BEGIN Given entries
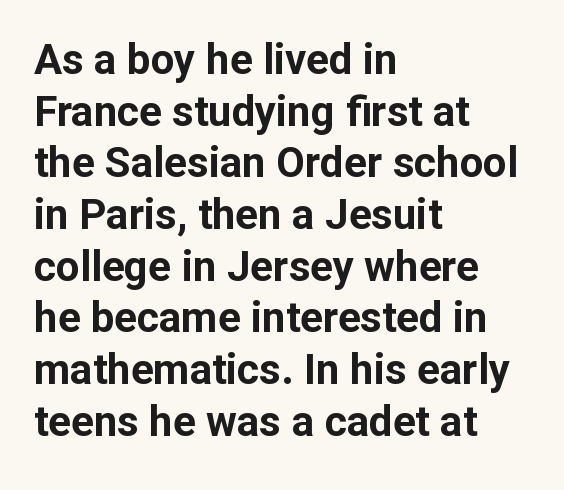
Q: Is the text bold? A: Yes.
Q: Is the text italic (slanted)? A: No, it is upright.
Q: Is the typeface a serif or a sans-serif typeface? A: Sans-serif.
Q: Is the text underlined? A: No.
Q: How is the paragraph aligned? A: Left-aligned.
Q: Is the spacing between letters normal or unusually wide? A: Normal.
Q: Width (condensed, normal, or wide)? A: Normal.
Q: Stroke contrast? A: Low.
Q: x-height? A: Medium.
Q: Monospaced? A: No.
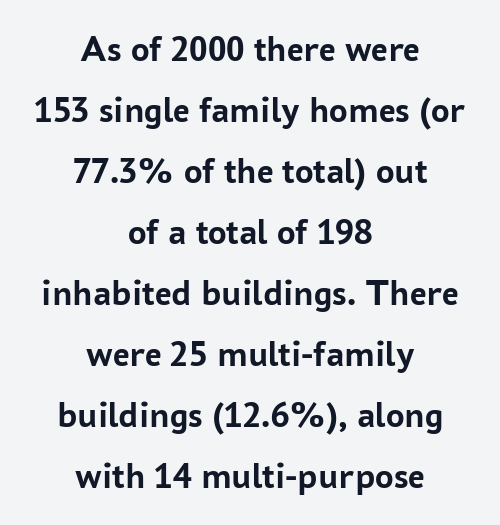
The image shows 37 px semibold sans-serif type, upright; set centered, normal line spacing (1.65x), normal letter spacing, not underlined; low stroke contrast and a medium x-height.
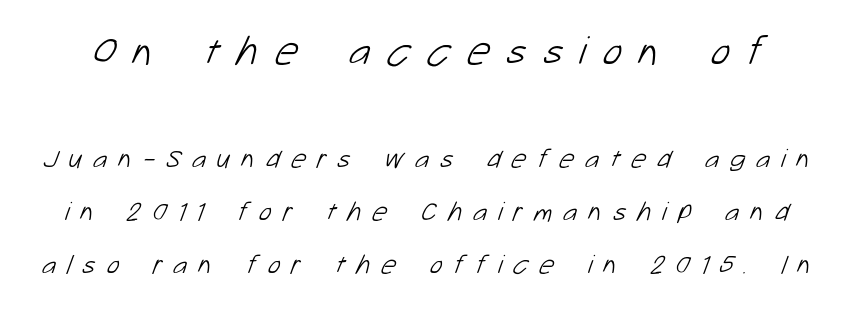
The image shows 41 px light sans-serif type; set loose line spacing (1.97x), unusually wide letter spacing (+0.4 em), not underlined; the first (top) block is 1.52x larger; low stroke contrast and a medium x-height.
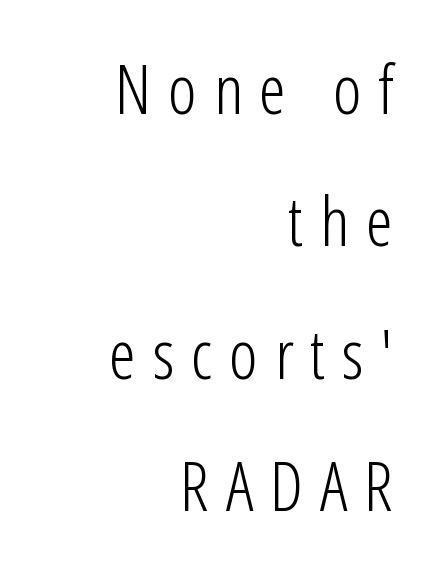
The image shows 69 px light, condensed sans-serif type, upright; set right-aligned, loose line spacing (1.92x), unusually wide letter spacing (+0.24 em), not underlined; low stroke contrast and a medium x-height.
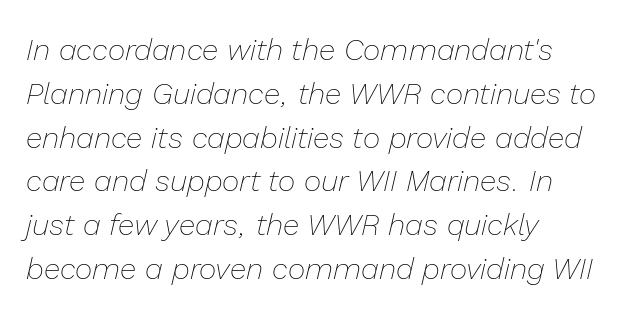
The image shows 30 px thin type, italic (leaning right); set left-aligned, normal line spacing (1.46x), normal letter spacing, not underlined; low stroke contrast and a medium x-height.
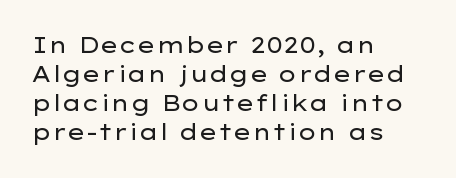
The image shows 22 px text type, upright; set left-aligned, normal line spacing (1.32x), normal letter spacing, not underlined.
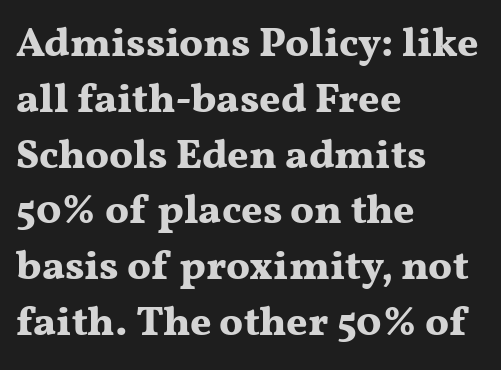
The image shows 41 px bold, wide serif type, upright; set left-aligned, normal line spacing (1.36x), normal letter spacing, not underlined; medium stroke contrast and a medium x-height.
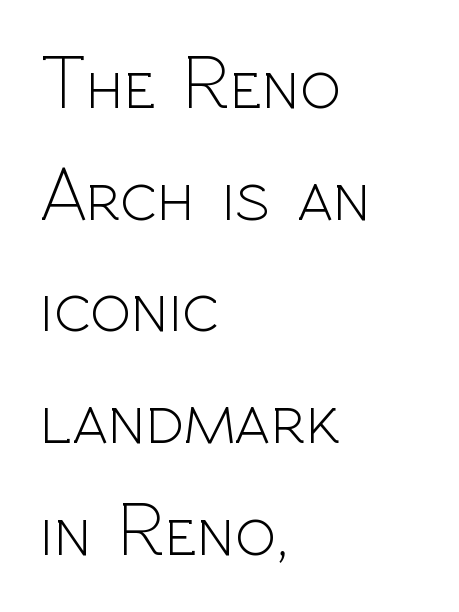
What stands out about the letter spacing? Nothing — it is the standard amount. The passage shown is typed in a proportional face where columns would drift. The ragged edge is on the right, which tells us the setting is flush left. Caption: face not bold, strokes unweighted. The block of text has a typical density, with ordinary space between rows. I'd call this a sans setting — the letters go barefoot.
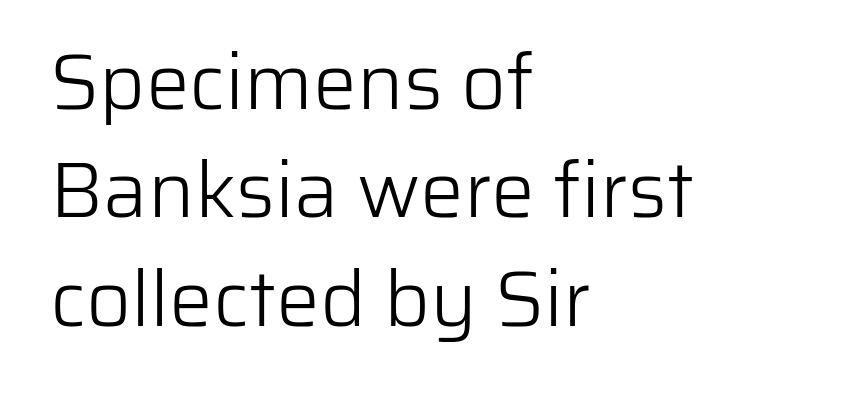
The image shows 78 px light sans-serif type, upright; set left-aligned, normal line spacing (1.39x), normal letter spacing, not underlined; low stroke contrast and a medium x-height.
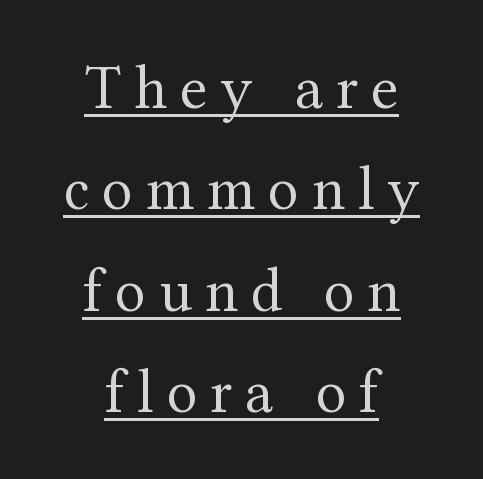
Q: Is the text bold? A: No.
Q: Is the text italic (slanted)? A: No, it is upright.
Q: Is the typeface a serif or a sans-serif typeface? A: Serif.
Q: Is the text underlined? A: Yes.
Q: How is the paragraph aligned? A: Centered.
Q: Is the spacing between letters normal or unusually wide? A: Unusually wide.
Q: Is the spacing between lines tight, normal or loose? A: Normal.
Q: Width (condensed, normal, or wide)? A: Normal.
Q: Stroke contrast? A: Medium.
Q: x-height? A: Medium.
Q: Monospaced? A: No.
END Given entries
→ **Problem details**
Only lines with the word "loose" are wanted. Find and copy them from the records above.

→ **Output for this exercise**
The image shows 41 px light sans-serif type; set loose line spacing (1.97x), unusually wide letter spacing (+0.4 em), not underlined; the first (top) block is 1.52x larger; low stroke contrast and a medium x-height.
The image shows 69 px light, condensed sans-serif type, upright; set right-aligned, loose line spacing (1.92x), unusually wide letter spacing (+0.24 em), not underlined; low stroke contrast and a medium x-height.
Q: Is the spacing between lines tight, normal or loose? A: Normal.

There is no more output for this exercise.